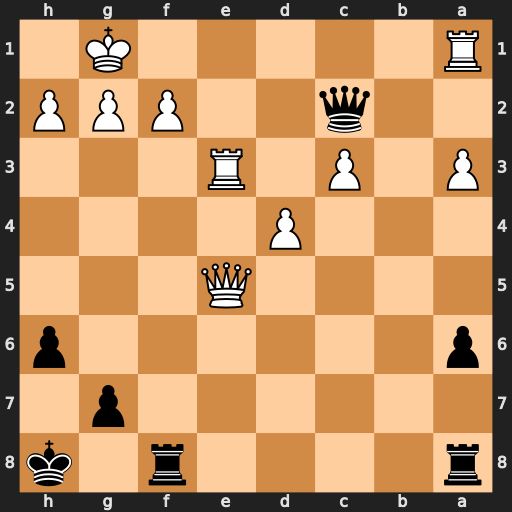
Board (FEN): r4r1k/6p1/p6p/4Q3/3P4/P1P1R3/2q2PPP/R5K1
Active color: b
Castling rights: -
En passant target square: -
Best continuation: Qxf2+ Kh1 Qf1+ Rxf1 Rxf1#
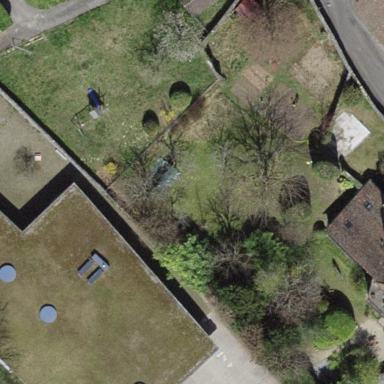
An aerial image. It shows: Schoolyard designated as leisure land.
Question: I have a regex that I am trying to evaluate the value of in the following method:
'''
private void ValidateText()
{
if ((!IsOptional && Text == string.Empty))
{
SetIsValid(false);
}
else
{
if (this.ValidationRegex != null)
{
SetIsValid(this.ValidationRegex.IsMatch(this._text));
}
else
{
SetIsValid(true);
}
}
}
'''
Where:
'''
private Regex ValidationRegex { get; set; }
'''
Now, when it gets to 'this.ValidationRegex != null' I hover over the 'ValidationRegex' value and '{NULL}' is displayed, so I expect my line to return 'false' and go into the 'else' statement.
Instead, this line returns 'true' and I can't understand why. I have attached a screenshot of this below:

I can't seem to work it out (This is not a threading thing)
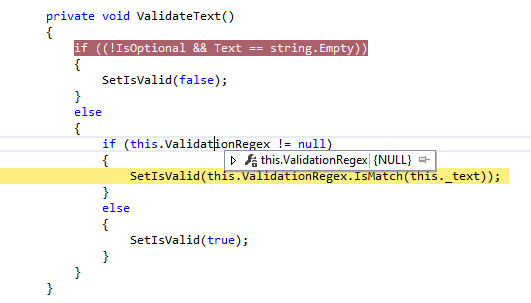
Answer: The pattern you have in the 'Regex' object is 'NULL'.
'''
var ValidationRegex = new Regex("NULL");
'''
This regex is looking for a string 'NULL' in the input string (like 'This value is NULL.'), and the 'ValidationRegex' object is initialized and is null. So, 'if' evaluates to 'true'.
Just a note: you can't check if a value is NULL using regex.
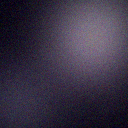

_ _ _

WHAT IS NEEDED - Set the material down exactly, images excluded.

EXERCISE SOLUTION -
Board (FEN): r4r1k/6p1/p6p/4Q3/3P4/P1P1R3/2q2PPP/R5K1
Active color: b
Castling rights: -
En passant target square: -
Best continuation: Qxf2+ Kh1 Qf1+ Rxf1 Rxf1#
An aerial image. It shows: Schoolyard designated as leisure land.
Question: I have a regex that I am trying to evaluate the value of in the following method:
'''
private void ValidateText()
{
if ((!IsOptional && Text == string.Empty))
{
SetIsValid(false);
}
else
{
if (this.ValidationRegex != null)
{
SetIsValid(this.ValidationRegex.IsMatch(this._text));
}
else
{
SetIsValid(true);
}
}
}
'''
Where:
'''
private Regex ValidationRegex { get; set; }
'''
Now, when it gets to 'this.ValidationRegex != null' I hover over the 'ValidationRegex' value and '{NULL}' is displayed, so I expect my line to return 'false' and go into the 'else' statement.
Instead, this line returns 'true' and I can't understand why. I have attached a screenshot of this below:

I can't seem to work it out (This is not a threading thing)
Answer: The pattern you have in the 'Regex' object is 'NULL'.
'''
var ValidationRegex = new Regex("NULL");
'''
This regex is looking for a string 'NULL' in the input string (like 'This value is NULL.'), and the 'ValidationRegex' object is initialized and is null. So, 'if' evaluates to 'true'.
Just a note: you can't check if a value is NULL using regex.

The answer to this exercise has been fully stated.